Part 1: For each component in the architecture (with the exception of the Persistent Dictionary), create a precise, English-language specification of the component's interface. The specification should list for each of the component's operations, the operation's name, input parameters, output parameters and description.

Part 2: Show the internal design of each component using the class perspective. Your design should consist of class diagrams (typeset with Poseidon) and appropriate text to describe the diagram.

Part 3: Implement the spider engine based on your component design from part 1.

Part 4: Test the spider engine using the test data provided by us. Create a simple test program that allows you to print out the contents of the word database so that you can test the correct operation of your spider engine.

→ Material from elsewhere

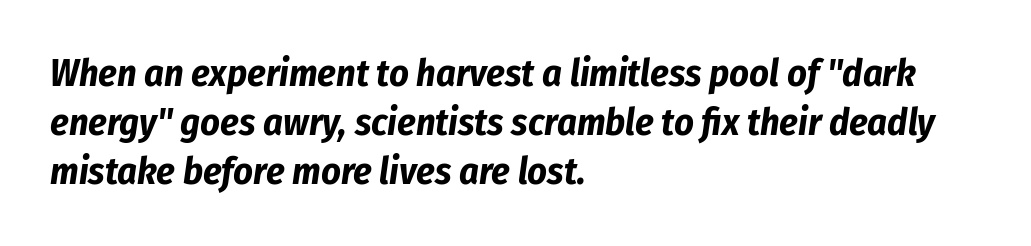
{"italic": "yes", "lean": "right", "slant_degrees": 8, "bold": "yes", "weight": "bold", "width": "condensed", "stroke_contrast": "low", "x_height": "medium", "monospaced": "no", "underline": "no", "align": "left", "line_spacing": "normal", "line_spacing_ratio": 1.29, "letter_spacing": "normal", "letter_spacing_em": 0.0, "glyph_px": 38}

Note that you need only implement the spider engine. It is not necessary to implement the search engine in this part of the assignment.

To Hand In

Submit a report including parts 1, 2, 3 and 4. The report should have a table of contents, and be divided into one section per part, with appropriate section headings. The front page of the report must be the assignment 1 cover page, available here. (Two marks will be deducted for not providing this cover sheet.) Be sure to read this cover sheet for a breakdown of how the assignment will be graded.

This assignment is to be submitted to the CISC 322 drop box on the second floor of Goodwin Hall by 3:00 PM on Monday, Oct 3, 2005. Printers tend to be busy shortly before assignment deadlines, so it is wise to avoid last-minute submission. No late assignments will be accepted.